「非正規社員の待遇改善」の手順は? 人事担当者必見の「働き方改革」用語解説:法改正後の均等・均衡待遇を踏まえて(2/3 ページ)
働き方改革関連法が可決・成立し、企業にも具体的な対応が求められます。企業の人事担当者が押さえておくべき「働き方改革」のキーワードをピックアップ。労働問題を扱う新進気鋭の弁護士が、用語の概念と企業が取るべき具体的な対策方法を解説します。今回は「非正規社員の待遇改善」と、その具体的な手順を取り上げます。
2.待遇差は「職務内容」や「人材活用の仕組み」の違いが理由か?
非正規社員と正社員との間で待遇差がある場合、その待遇差が何を理由とするものなのかを検討します。具体的には、職務内容の違いが理由なのか、配転や昇進といった「人材活用の仕組み」の違いが理由なのかといった点です。
非正規社員の待遇差に関する最高裁判決は、先述した長澤運輸事件とハマキョウレックス事件(編集部注:契約社員のトラック運転手が、正社員との手当に違いがあるのは違法だと提訴。大阪高裁は通勤手当、無事故手当、作業手当、給食手当の違いを違法とした。同事件の判決日は長澤運輸事件と同日)の2つしかないものの、現状でも下級審裁判例が徐々に出てきています。これらの裁判所による司法判断や、行政が今後出す指針(ガイドライン)を見て、待遇差が不合理と判断されるリスクがあるものについては見直しを検討することになります。
3.労働条件・処遇の見直し
待遇見直しで優先順位が高いのは各種手当です。裁判でも不合理性が肯定されたものの多くは各種手当についてです。正社員だけに支給していた手当の支給対象を拡大・変更する場合、これによる割増賃金や賞与などへの影響、つまり変更する手当の波及効果についてもシミュレーションしておく必要があります。
また、手当の趣旨が不明確であったり、かなり昔に設けられた手当で、現在その手当を支給する理由・根拠が希薄になっているものがあれば、手当を統合したり、支給要件を見直したりすることも必要になってくるでしょう。
就業規則を見直す場合には、労働契約書や労働協約との整合性に注意が必要です。また、労働者側に不利益な就業規則の変更については、労働契約法9条および10条の規制(就業規則の不利益変更に関する規制)にも留意してください。
4.職務内容や人材活用の仕組み・運用の見直し
待遇差を変更するのではなく、待遇差に対応した職務内容や人材活用の仕組みを整備するというアプローチもあります。その際の視点は、(1)就業規則・規定による明確化(書面化)と実態(運用)の見直し、(2)限定正社員や無期転換社員も視野に入れることが挙げられます。
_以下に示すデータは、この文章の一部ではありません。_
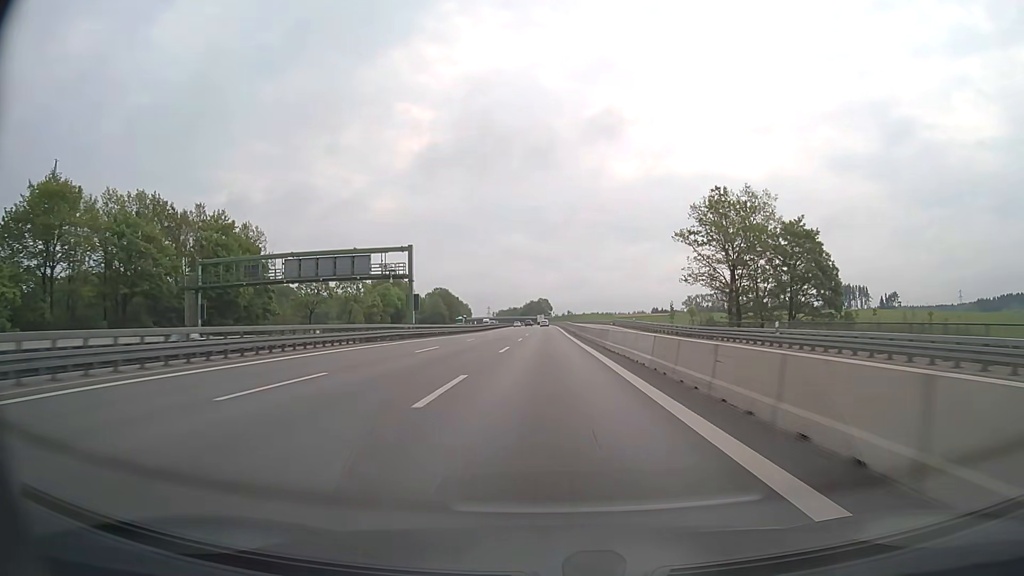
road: motorway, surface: asphalt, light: Day
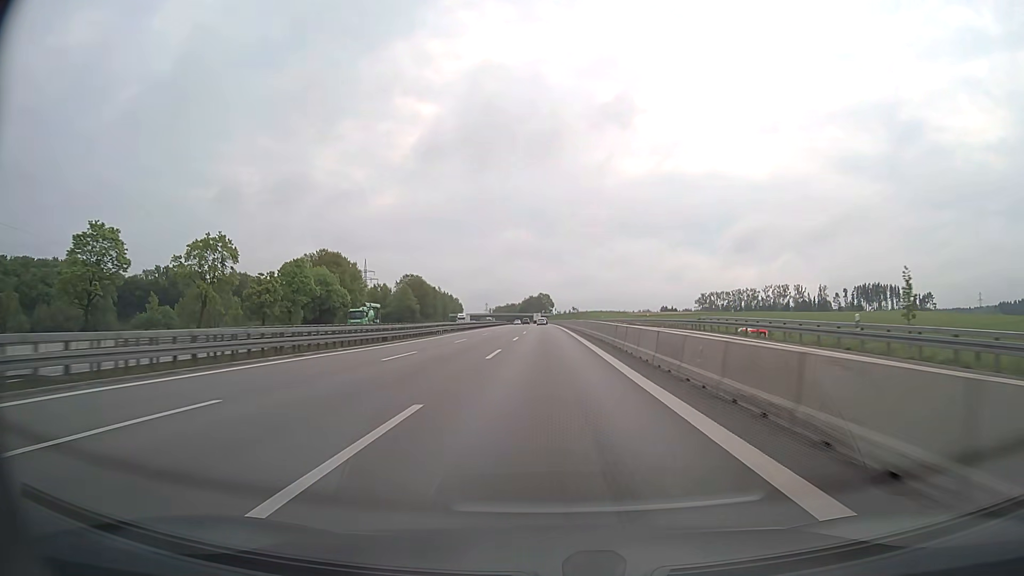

(1)について補足しますと、形式的に就業規則を改定したり、新たな規定をつくったりするだけではなく、実態や運用の整備も必要になります。実際の職務内容や人材活用方法は変わっていないのに、規定だけが変わったというような、「規定と実態の乖離」が起こらないよう注意してください。
5.派遣社員について
派遣社員については、第5回で説明したように、「派遣先均等・均衡方式」か「労使協定方式」のどちらを選択するかが重要(関連記事)になります。この点は、改正派遣法26条7項で規定された派遣契約を締結する際に、派遣先が派遣元(派遣会社)に提供する派遣先労働者の待遇情報の内容にもかかわってきます。そこで、派遣社員を雇用していない派遣先の側でも、派遣元(派遣会社)にどちらの方式をとるのかを確認しておくべきです。